Adam Marchick, the co-founder and CEO of VoiceLabs, a software company, said that American consumers are expected to buy 25 million voice-controlled speakers, such as Amazon's Echo or Google Home this year.
"In five years, every U.S. home will have a voice-enabled device" — that's not a smartphone – "and the next question is what multi-billion-dollar industry will be disrupted," Marchick said.
Targets are likely to be smart lighting, grocery shopping, prepared-food delivery, home security, movies, and television, he said.
Marchick proposes a scenario: If Amazon makes it convenient to order a movie on Saturday night by just saying it out loud, will that make you more willing to rent – or buy – a movie from it or from a cable company with a push-button remote?
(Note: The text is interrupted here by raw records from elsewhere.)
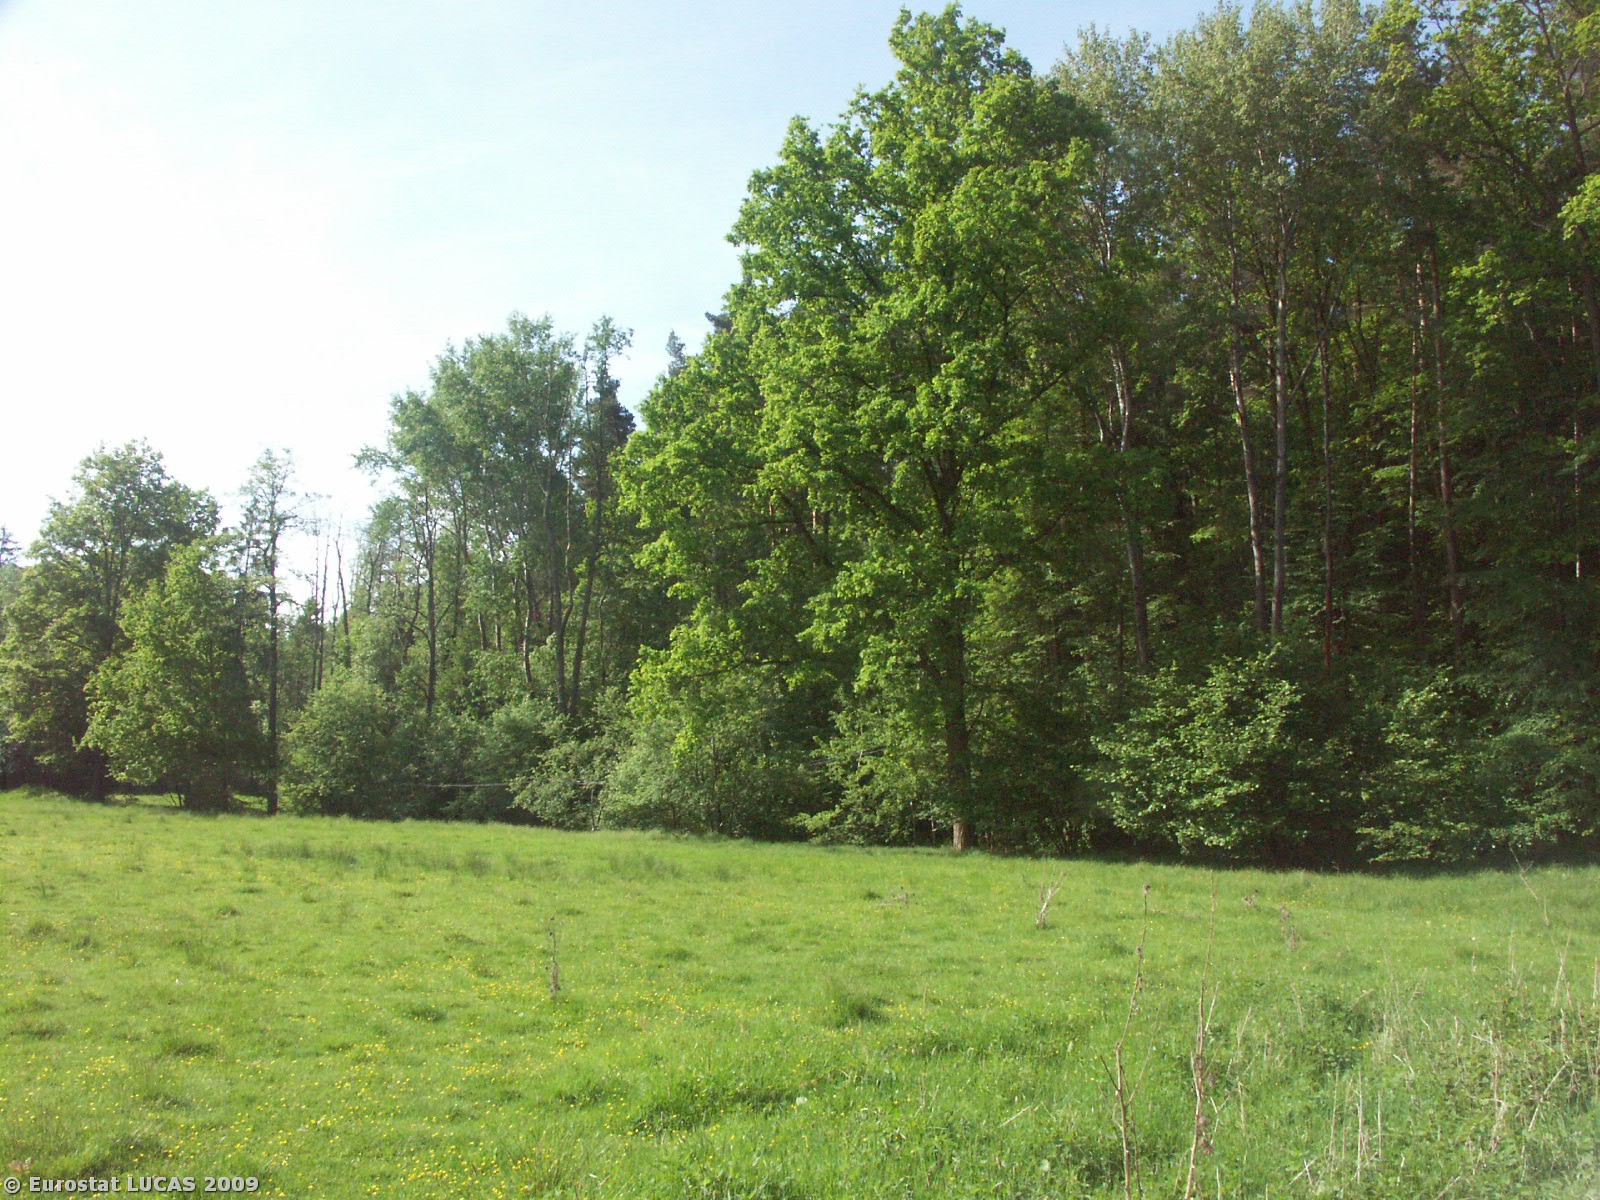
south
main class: Grassland
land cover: Grassland without tree/shrub cover
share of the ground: > 75 %
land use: Agriculture (excluding fallow land and kitchen gardens)
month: May
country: CZ
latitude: 48.8835
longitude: 14.6242

"If you buy an Amazon Echo, you will buy more on Amazon," Marchick said. "There is data on that. If you buy a Google Home, you will do more Google searches. I believe that if you use the Xfinity voice remote, you are more likely to be a loyal Xfinity customer."
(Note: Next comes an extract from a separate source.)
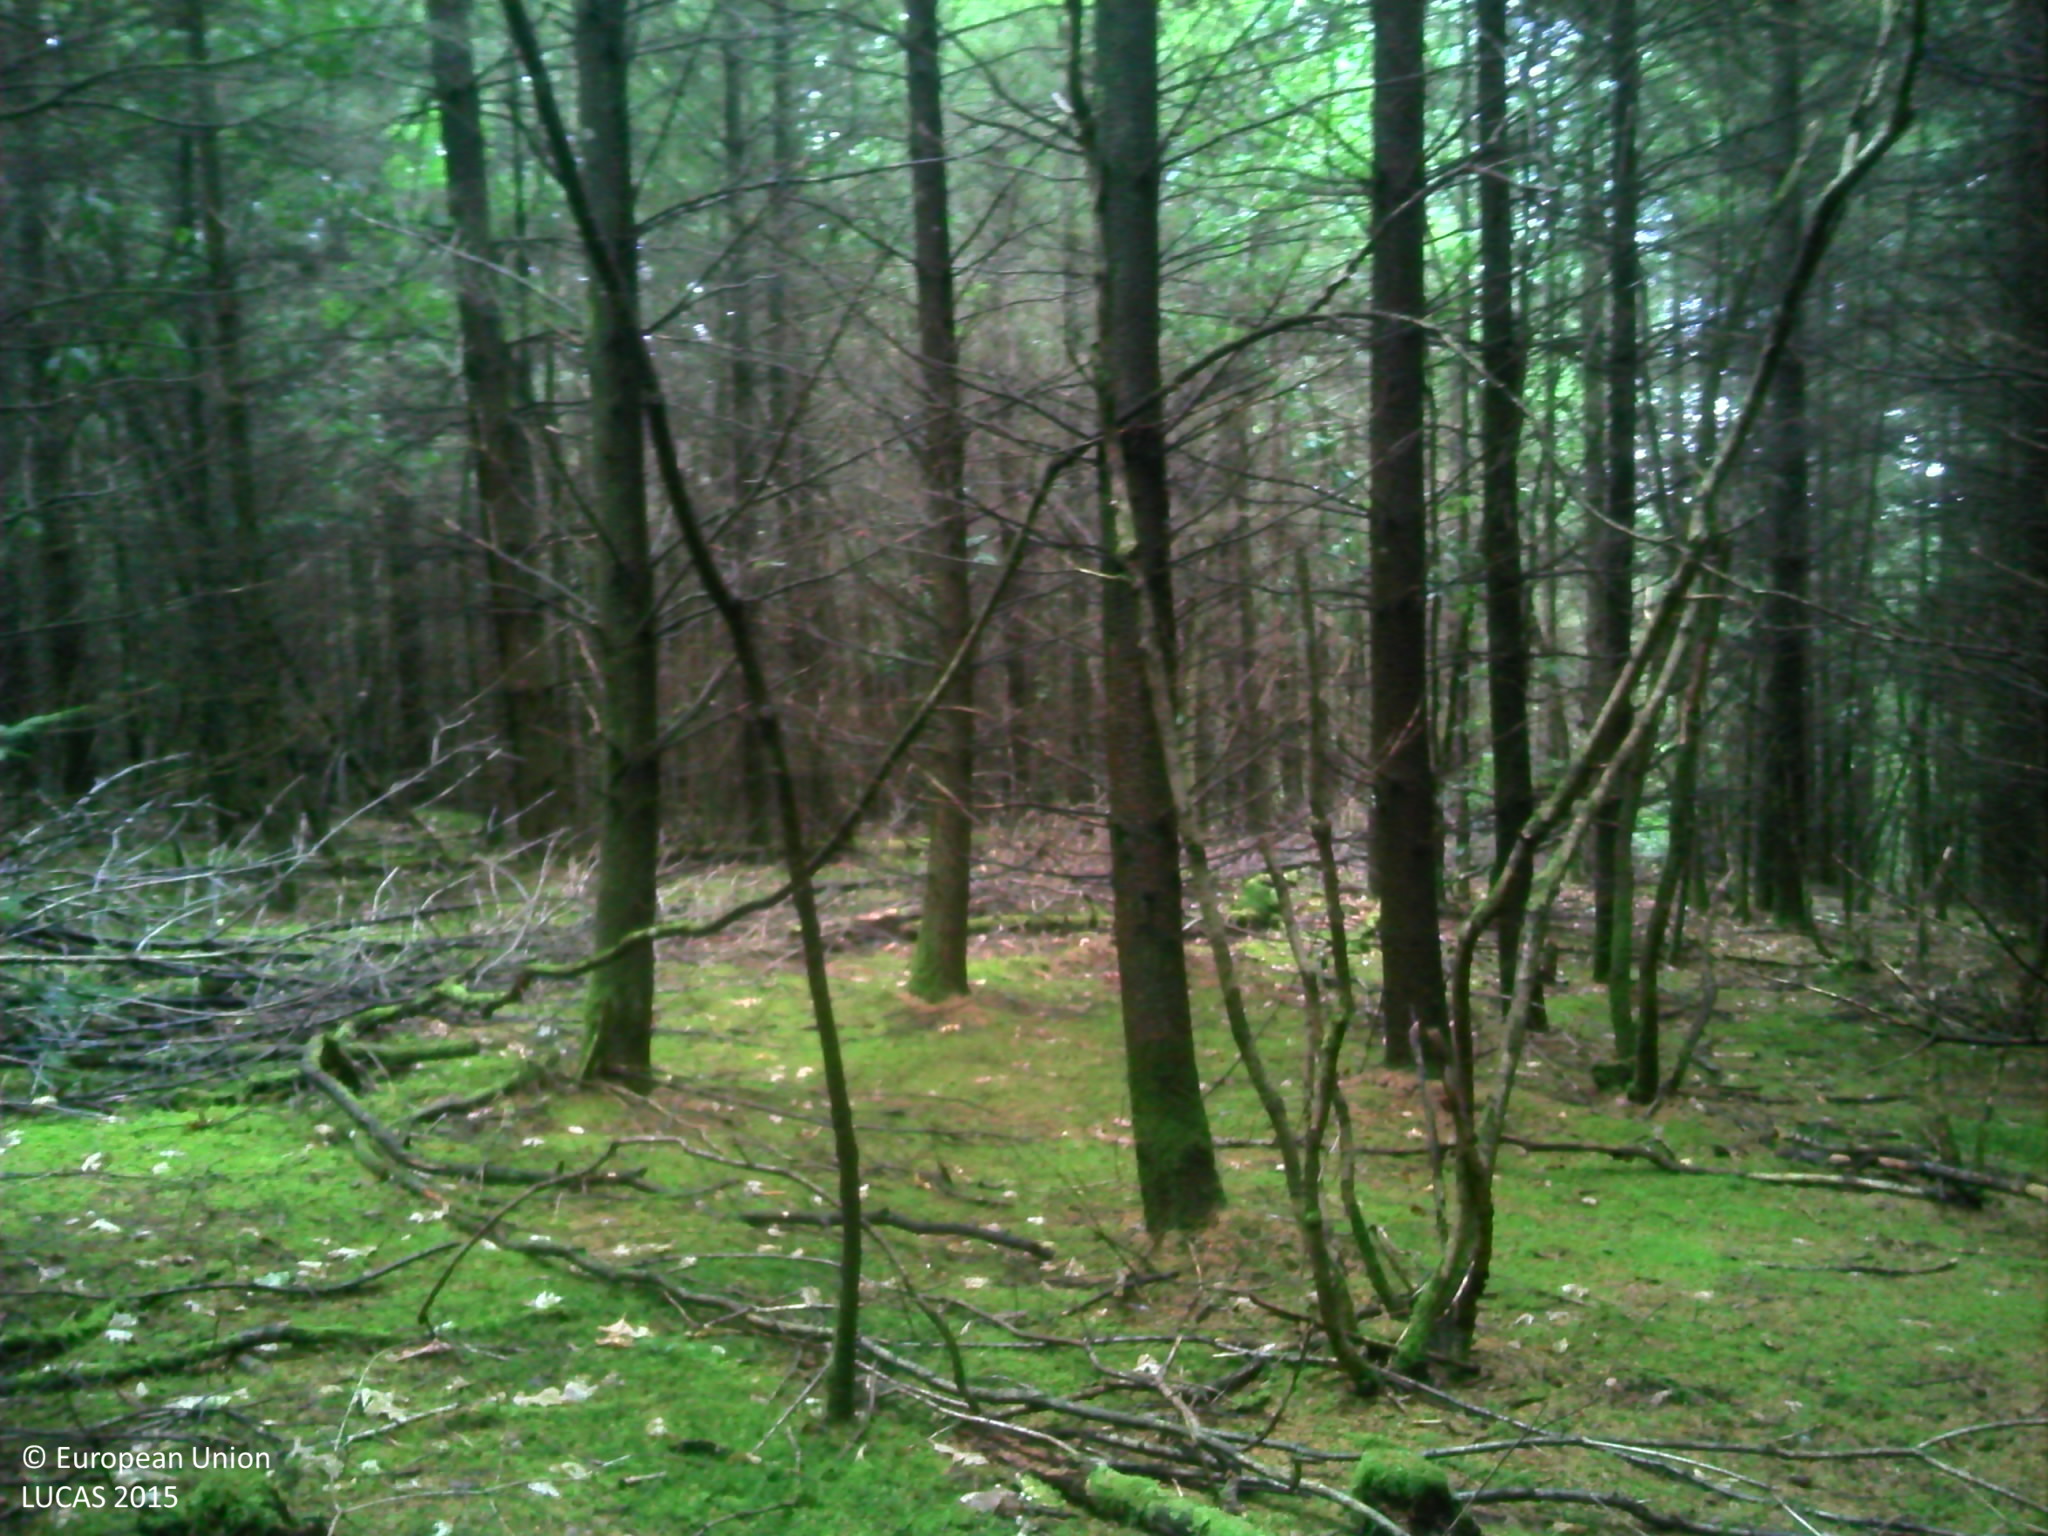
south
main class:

Voice's resurgence seems counter-intuitive. The technology first boomed in the 1990s with voice prompters in customer call centers – not always a satisfying experience as the prompters many times routed callers in the wrong direction. Then nothing happened with voice, until Apple released Siri in 2011, and Amazon followed with Alexa in 2014, experts say.
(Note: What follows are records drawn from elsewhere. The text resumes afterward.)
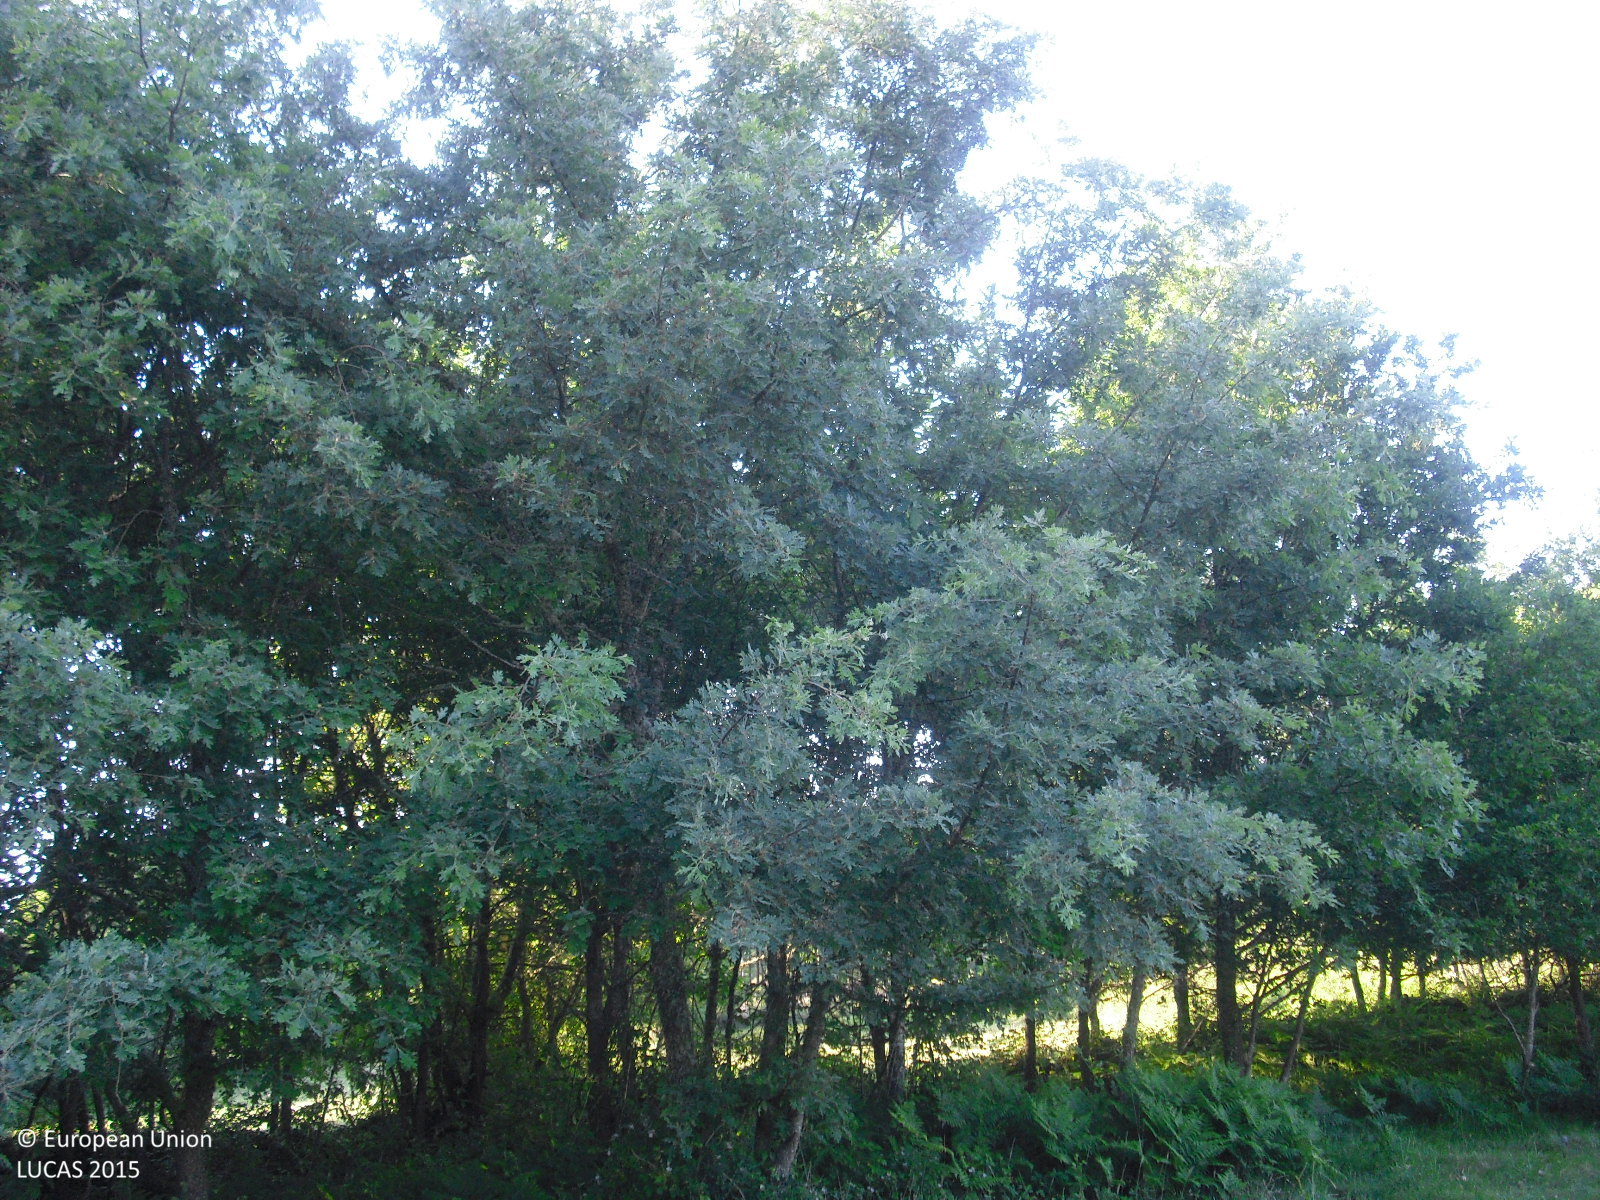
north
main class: Grassland
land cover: Grassland without tree/shrub cover
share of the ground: > 75 %
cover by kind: herbaceous plants 100 %
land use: Agriculture (excluding fallow land and kitchen gardens)
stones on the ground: < 10 %
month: May
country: ES
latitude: 42.2375
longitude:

Dina Abdelrazik, market research analyst at Parks Associates in Dallas, said that in recent years, "voice took the market by surprise. There are other manufacturers that are entering the space to offer voice remotes for a friction-less [TV] experience. But it takes a lot of sophistication and resources to build that capacity."
Voice remotes are differentials now for pay-TV companies but someday will be everyday offerings, Abdelrazik said. Satellite-TV operator Dish Network and Roku also offer TV voice remotes, according to their web sites, but not yet Verizon FiOS. "The end goal is to be everywhere, and you see this with [Amazon's] Alexa," Abdelrazik said.
Amazon is the market leader. But Apple's Siri may have the strongest hold on the U.S. consumer, because of the iPhone.
Parks Associates research shows that 64 percent of consumers using voice-enabled devices ask for information, 42 percent seek directions, and 31 percent request music.
Comcast has distributed voice-control TV remotes to about 12 million homes or slightly more than half of its residential Xfinity TV subscribers nationwide, with Comcast engineering teams ironing out the kinks. The Comcast teams are divided into four areas: voice recognition, artificial intelligence, meta-data, and hardware.
This is basically how it works: an Xfinity subscriber speaks into a remote and the snippet of audio is transported to Comcast though the set-top box. The audio is whisked into the Comcast cloud and translated into a text string representing the spoken words.
That text is analyzed by Comcast computers running artificial intelligence, which has been developed using a giant database of commands from millions of users. The Comcast X1 cloud – basically 50,000 separate computers – interprets what the subscriber wants to do and performs it, sending the directions back to the home set-top box and television. This all takes a second or less.
Many things can go wrong. The text string could be garbled with accents or mumbling by the subscriber. The words could be interpreted correctly into text string but contextually mismatched – someone may be looking for Steven Spielberg movies and not the HBO Spielberg documentary, or vice versa.
Jonathan Palmatier, vice president of product management in voice control in Philadelphia, and Grace Thornton, voice product manager in Washington, said the voice team anticipates some of these issues, using the company's database of language patterns.
Now located on the 35th floor of the Comcast Center, the voice engineering teams are likely to relocate to Comcast's second high-rise in Center City when it opens in 2018.
But there are some things that Xfinity voice remote cannot do.
More than one Comcast subscriber has asked their Xfinity remote for a pizza – as in, I'd like a half-pepperoni, half-plain, say the engineers who monitor the deluge of TV voice streams.